On the other hand, the company plans to construct a new production plant and purchase four automated production lines for primary processing of white tea. The company intends to expand its production facilities by establishing a new production plant in the Zhe Rong Tea Industrial Zone in Zhejiang, with an initial estimated total construction area of approximately 9,783.0 square meters. The initial phase of the new production plant will be used for primary processing of white and refined tea as well as product storage. The company has signed a letter of intent with the Zhe Rong Tea Industry Zone Management Committee, with an estimated tender price of approximately $5 million (around 33.7 million RMB).
Despite the increase in production capacity, it is positive for expanding the market share in the white tea market. However, with more entrants, homogeneous competition intensifies. Moreover, in 2023, the total sales volume of white tea was 0.083 million tons, accounting for 3.4% of the six major tea categories. Although the growth rate is significant, the actual total volume still lags far behind the over 10% market share of black and green tea.

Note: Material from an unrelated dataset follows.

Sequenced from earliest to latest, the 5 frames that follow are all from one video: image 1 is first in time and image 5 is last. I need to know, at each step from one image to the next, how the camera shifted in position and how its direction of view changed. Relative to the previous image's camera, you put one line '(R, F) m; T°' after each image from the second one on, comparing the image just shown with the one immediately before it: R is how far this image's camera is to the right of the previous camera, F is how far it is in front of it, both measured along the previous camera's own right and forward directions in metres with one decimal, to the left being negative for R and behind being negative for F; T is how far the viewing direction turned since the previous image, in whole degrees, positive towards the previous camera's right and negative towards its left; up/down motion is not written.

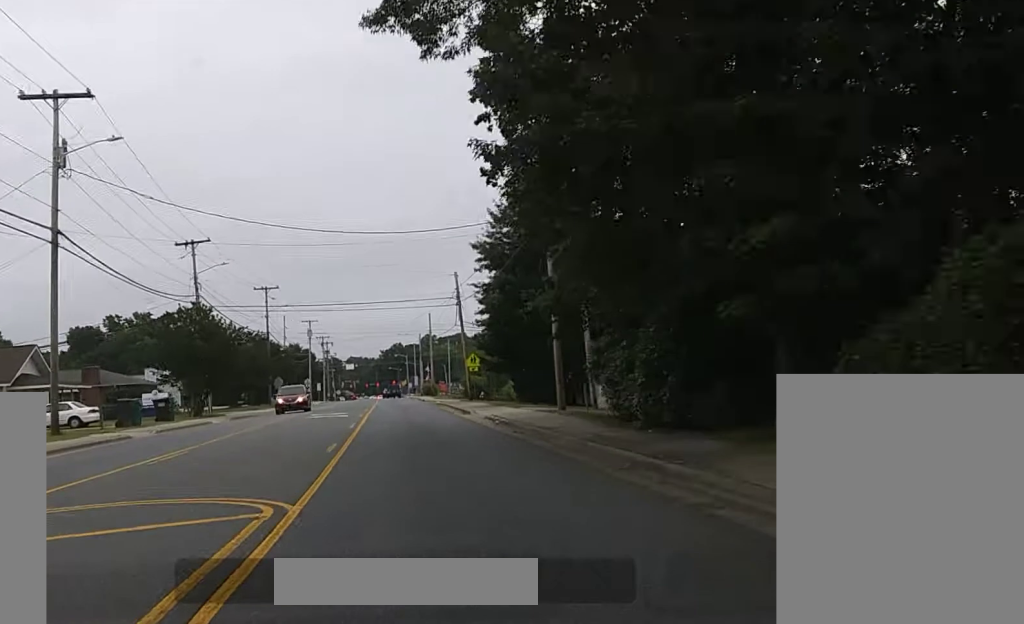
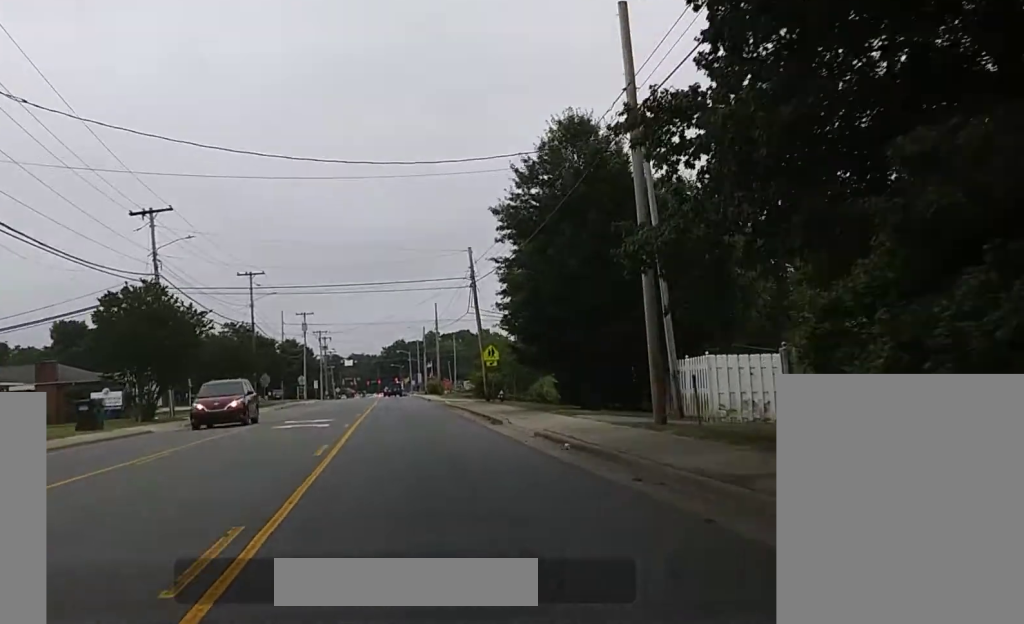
(-0.1, +12.6) m; 0°
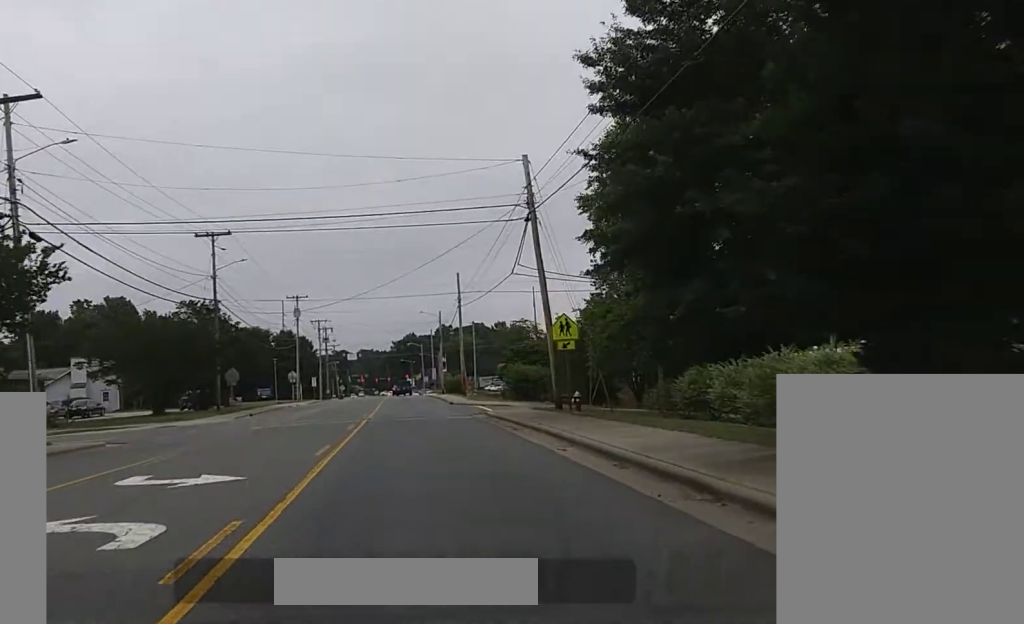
(+0.4, +23.8) m; +2°
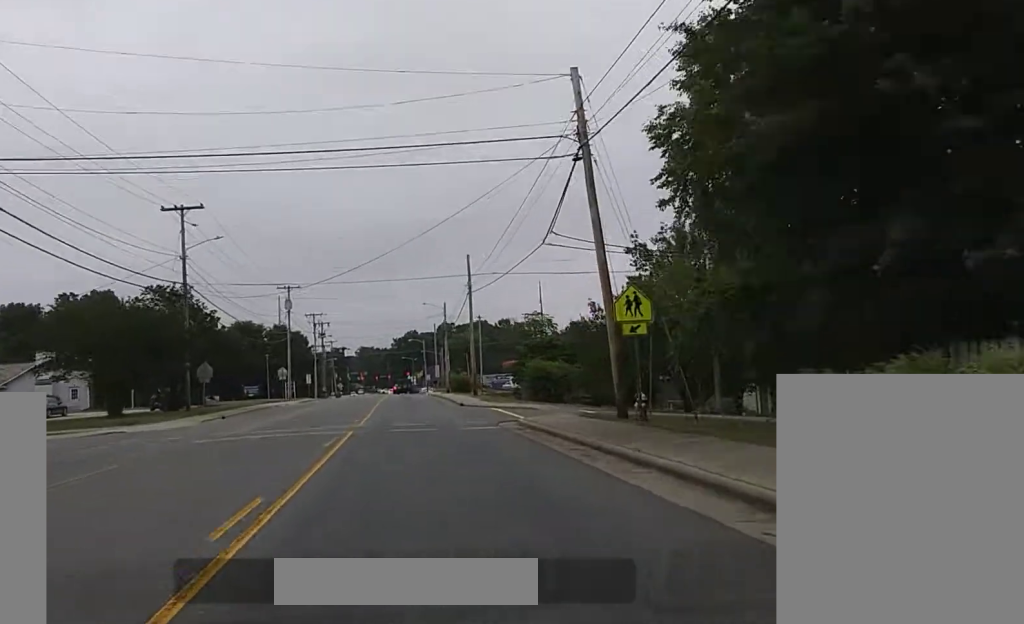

While the market volume has not yet expanded significantly, more and more regions that want a piece of the pie are entering, posing increasingly significant challenges for the white tea. In addition, with an increase in supply, whether the price of the white tea market has resilience remains a test. As mentioned earlier, once the price of white tea drops, the low growth in sales volume may not be able to compensate for the decline in price. It will take time to see if Mindong Hong Group can revitalize its growth through expanded production.